Emma Talks Nerdy About: 10 Mad Doctor Who Fan Theories (That Might Just Be True)



This post previously appeared on my other blog emmahyam.wordpress.com

Doctor Who has been with us now for nearly 50 years and naturally in a show with such a long run somethings just don’t make sense. With thousands of hours of televised adventures, hundreds of novels and audio plays, some considered canonical, some not. Some events enshrined into accepted continuity and then retconned back out, some gaps will appear or indeed things that the fans plain just don’t like will be enforced by the producers. Where they do fan theories will step in to fill the holes, here are my top ten favourites, of course your mileage will vary about how convincing they are, as always please read with caution as there be SPOILERS below…

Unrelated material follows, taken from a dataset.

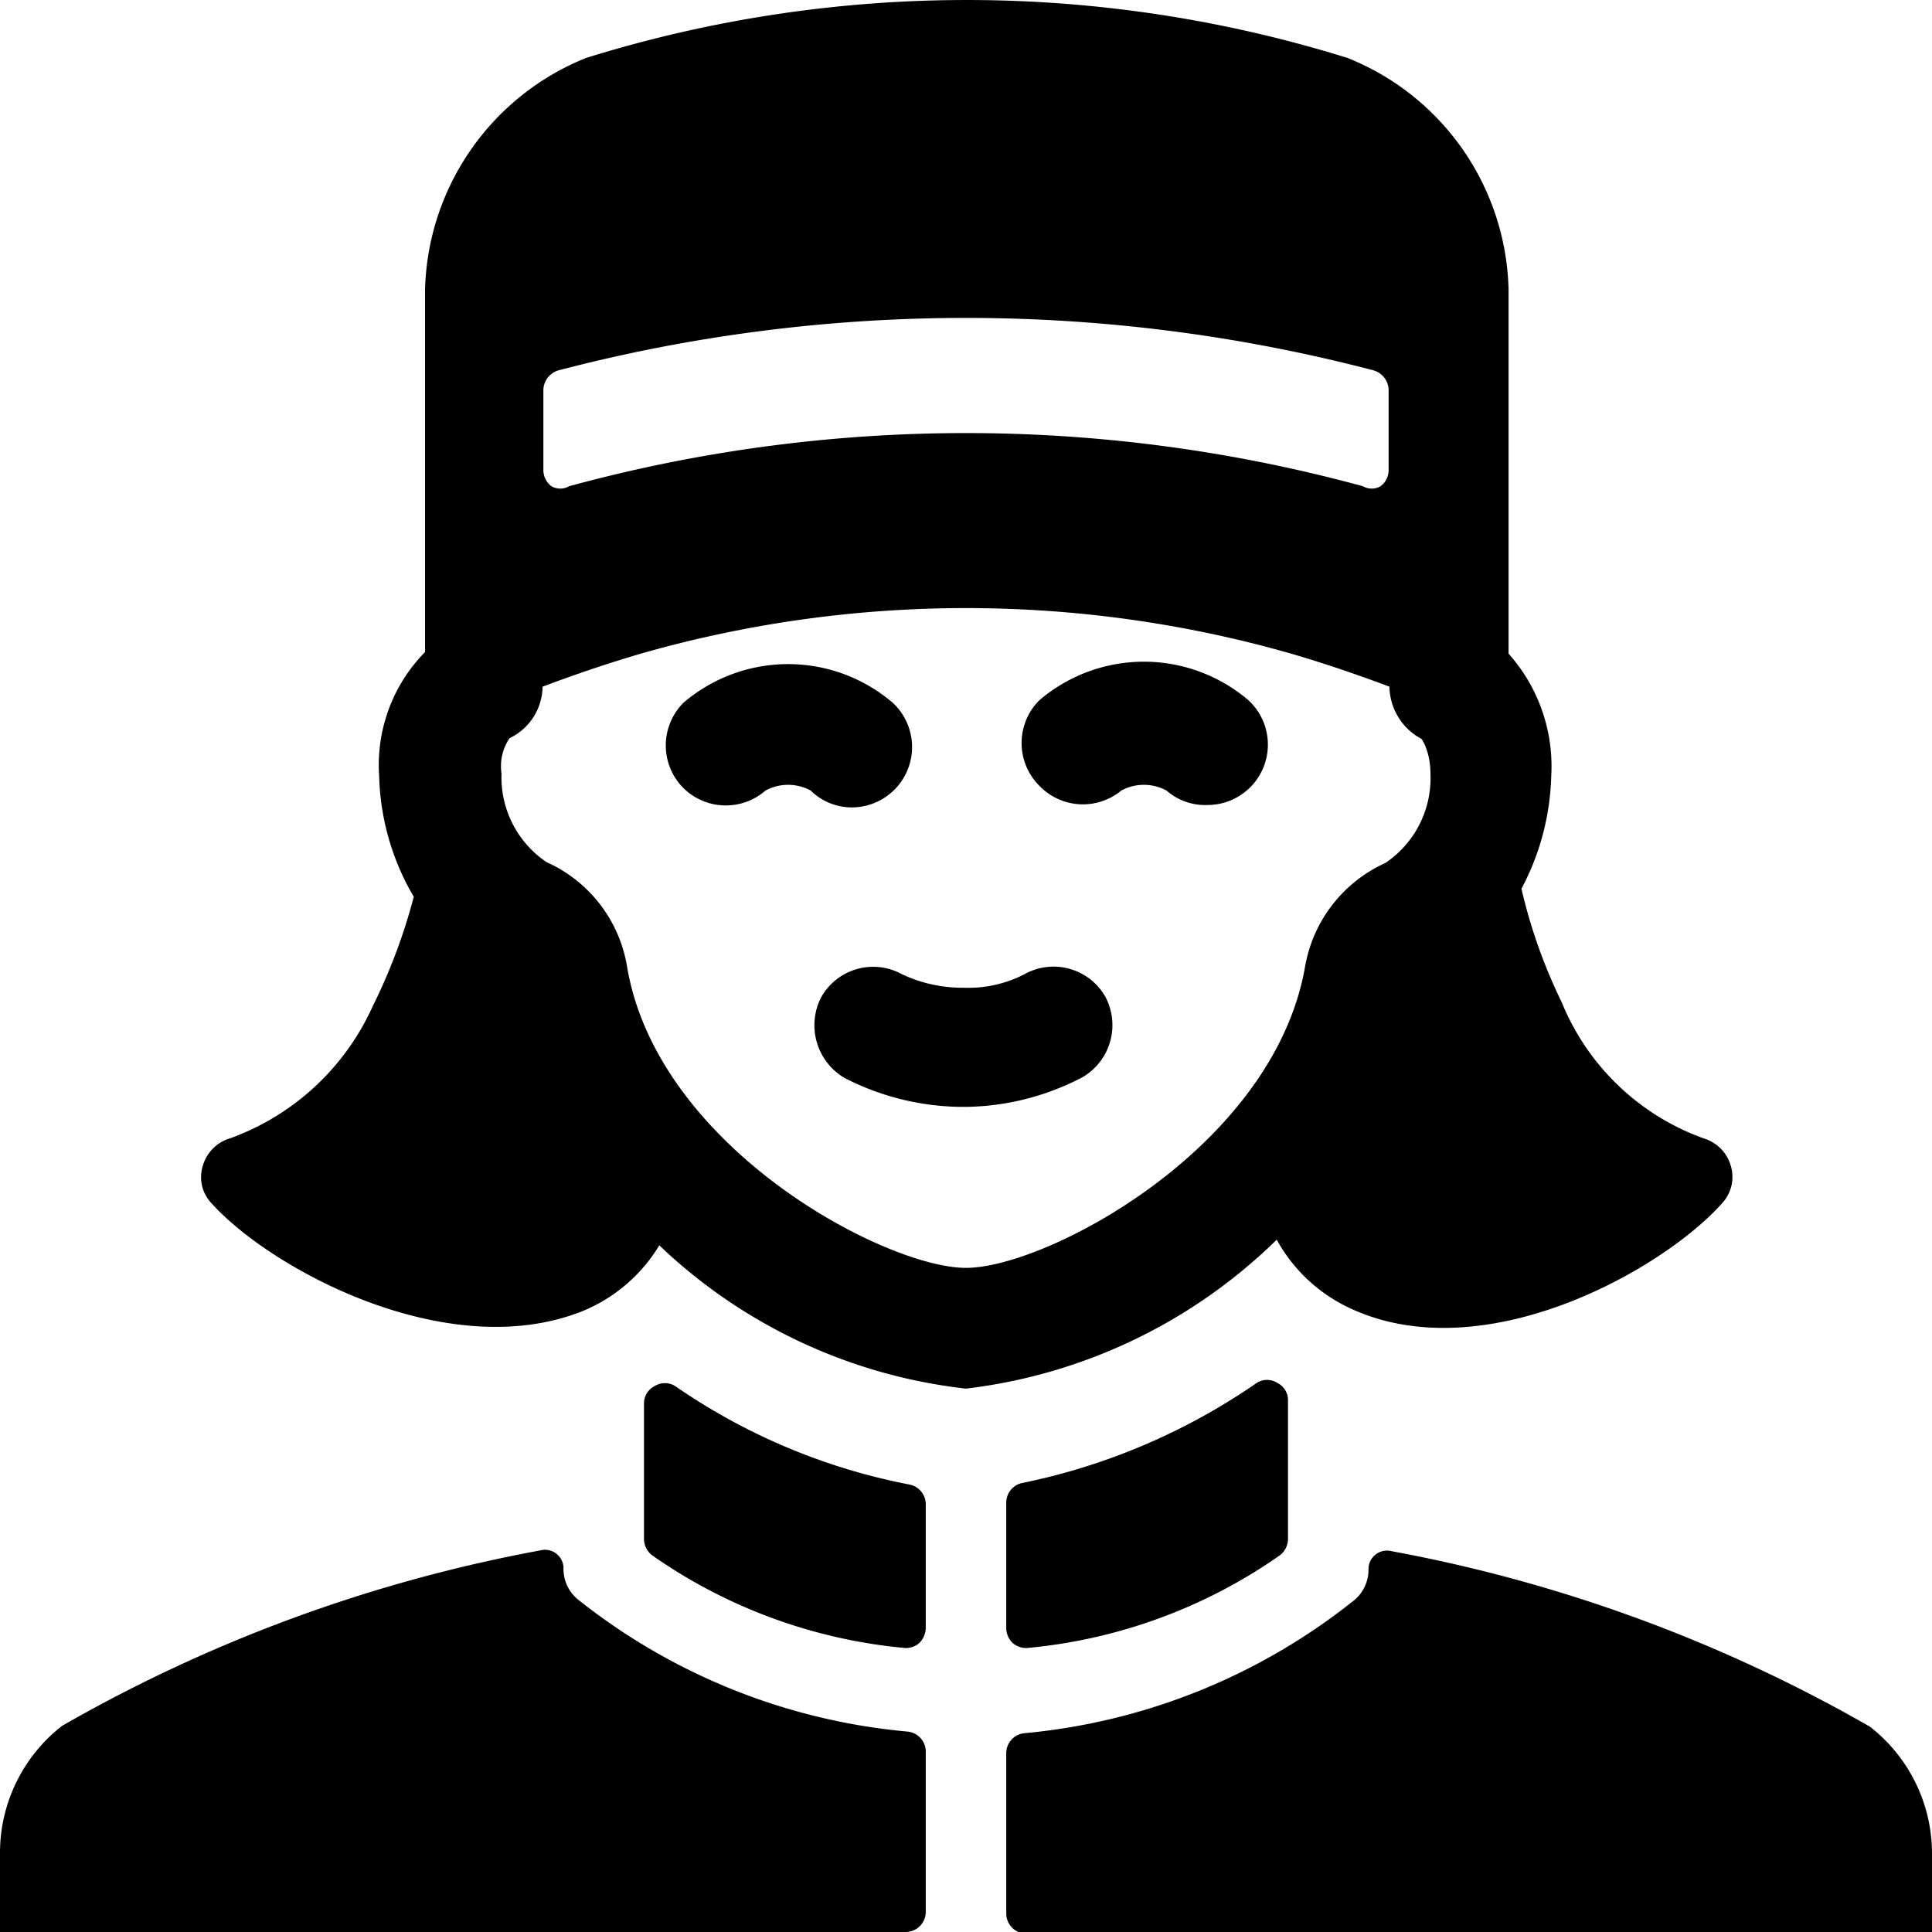 <svg xmlns="http://www.w3.org/2000/svg" viewBox="0 0 24 24"><g><path d="M12.5 20.22a0.26 0.26 0 0 0 0.08 0.19 0.25 0.25 0 0 0 0.2 0.06 6.51 6.51 0 0 0 3.12 -1.15 0.26 0.26 0 0 0 0.1 -0.2V17.4a0.24 0.24 0 0 0 -0.13 -0.22 0.24 0.24 0 0 0 -0.26 0 7.89 7.89 0 0 1 -2.9 1.24 0.25 0.25 0 0 0 -0.21 0.25Z" fill="#000000" stroke-width="1"></path><path d="M24 23a2 2 0 0 0 -0.77 -1.55 18.78 18.78 0 0 0 -5.94 -2.18 0.23 0.23 0 0 0 -0.29 0.23 0.49 0.49 0 0 1 -0.18 0.38 7.69 7.69 0 0 1 -4.09 1.65 0.25 0.25 0 0 0 -0.23 0.24v2a0.25 0.25 0 0 0 0.25 0.25H24Z" fill="#000000" stroke-width="1"></path><path d="M7.18 19.87a0.49 0.49 0 0 1 -0.18 -0.38 0.23 0.23 0 0 0 -0.29 -0.23 18.78 18.78 0 0 0 -5.94 2.18A2 2 0 0 0 0 23v1h11.25a0.25 0.25 0 0 0 0.25 -0.25v-2a0.25 0.25 0 0 0 -0.23 -0.24 7.69 7.69 0 0 1 -4.09 -1.64Z" fill="#000000" stroke-width="1"></path><path d="M8 19.12a0.26 0.26 0 0 0 0.1 0.2 6.51 6.51 0 0 0 3.12 1.15 0.25 0.25 0 0 0 0.2 -0.06 0.27 0.27 0 0 0 0.08 -0.19v-1.54a0.25 0.25 0 0 0 -0.21 -0.24 7.66 7.66 0 0 1 -2.9 -1.22 0.24 0.24 0 0 0 -0.26 0 0.24 0.24 0 0 0 -0.13 0.22Z" fill="#000000" stroke-width="1"></path><path d="M9.51 9.82a0.59 0.59 0 0 1 0.56 0 0.73 0.73 0 0 0 0.51 0.21 0.75 0.75 0 0 0 0.51 -1.3 2 2 0 0 0 -2.6 0 0.75 0.75 0 0 0 0 1.06 0.75 0.75 0 0 0 1.02 0.03Z" fill="#000000" stroke-width="1"></path><path d="M13.93 9.82a0.59 0.59 0 0 1 0.56 0A0.73 0.73 0 0 0 15 10a0.75 0.75 0 0 0 0.51 -1.3 2 2 0 0 0 -2.6 0 0.75 0.75 0 0 0 0 1.06 0.75 0.75 0 0 0 1.02 0.06Z" fill="#000000" stroke-width="1"></path><path d="M8.19 15.47A6.58 6.58 0 0 0 12 17.25a6.63 6.63 0 0 0 3.86 -1.85 2 2 0 0 0 0.93 0.86c1.66 0.76 3.87 -0.49 4.6 -1.31a0.48 0.48 0 0 0 0.11 -0.47 0.5 0.5 0 0 0 -0.34 -0.34 3 3 0 0 1 -1.76 -1.69 6.61 6.61 0 0 1 -0.5 -1.41 3.15 3.15 0 0 0 0.37 -1.4 2.1 2.1 0 0 0 -0.53 -1.52l0 -4.52a3.18 3.18 0 0 0 -2 -2.88 15.9 15.9 0 0 0 -9.46 0 3.19 3.19 0 0 0 -2 2.88l0 4.5a2 2 0 0 0 -0.57 1.54 3.11 3.11 0 0 0 0.43 1.5 7.08 7.08 0 0 1 -0.51 1.36 3.1 3.1 0 0 1 -1.77 1.64 0.5 0.5 0 0 0 -0.34 0.34 0.47 0.47 0 0 0 0.11 0.47c0.74 0.82 2.93 2 4.6 1.34a2 2 0 0 0 0.96 -0.82ZM17.06 4.6a0.26 0.26 0 0 1 0.19 0.24v1a0.25 0.25 0 0 1 -0.1 0.2 0.22 0.22 0 0 1 -0.22 0 18.74 18.74 0 0 0 -9.86 0 0.22 0.22 0 0 1 -0.22 0 0.25 0.25 0 0 1 -0.1 -0.2v-1a0.26 0.26 0 0 1 0.19 -0.24 20 20 0 0 1 10.12 0ZM12 15.75c-1 0 -3.83 -1.49 -4.21 -3.74a1.73 1.73 0 0 0 -1 -1.3 1.27 1.27 0 0 1 -0.56 -1.1 0.62 0.62 0 0 1 0.1 -0.44 0.72 0.72 0 0 0 0.41 -0.64c0.4 -0.15 0.81 -0.29 1.22 -0.41a14.7 14.7 0 0 1 8.08 0c0.41 0.12 0.82 0.26 1.22 0.41a0.75 0.75 0 0 0 0.4 0.65s0.11 0.15 0.11 0.44a1.27 1.27 0 0 1 -0.56 1.1 1.74 1.74 0 0 0 -1 1.3c-0.4 2.24 -3.21 3.73 -4.21 3.73Z" fill="#000000" stroke-width="1"></path><path d="M12 13.75a3.23 3.23 0 0 1 -1.51 -0.36 0.76 0.76 0 0 1 -0.29 -1 0.74 0.74 0 0 1 1 -0.29 1.76 1.76 0 0 0 0.77 0.17 1.52 1.52 0 0 0 0.76 -0.17 0.74 0.74 0 0 1 1 0.28 0.75 0.75 0 0 1 -0.28 1 3.2 3.2 0 0 1 -1.45 0.37Z" fill="#000000" stroke-width="1"></path></g></svg>

10) The “Five Peri’s” Theory.




After the revelation of Peri’s fate in “Trial of a Timelord” what subsequently happens to her has become somewhat of a mystery with various novels and audio plays either trying to entirely retcon the bizarre decision to marry her off to Yrcanos or have her leave him and somehow get back to Earth. The recent audio play “Peri and the Piscon Paradox” has proposed the idea that there are no fewer than five versions of poor old Peri in existence due to the Time Lords interference in her personal time line, one who was killed in “Mindwarp”, one who married Yrcanos, an older version who only remembers the events of “Planet of Fire” and two others of which nothing is known.

9) The War Chief is a prior regeneration of the Master.


The War Chief is a powerful renegade Time Lord, during the events of “The War Games” he conspires with a very powerful alien race bringing his knowledge of time travel and hypnosis to the table, sound familiar? In terms of personality The War Chief certainly could be the Master, hes arrogant, ambitious, lusts for power and exhibits a fondness for elaborate facial hair. The idea that The War Chief is in fact an earlier incarnation of the Master certainly hold some weight on this basis, the idea first came about when “The Doctor Who Role Playing Game” claimed that The Meddling Monk, The War Chief and The Master were all different incarnations of the same Time Lord. This idea has been accepted as unofficial canon and then contradicted in equal measure with some novels using it as an established fact and some directly stating that this is not the case.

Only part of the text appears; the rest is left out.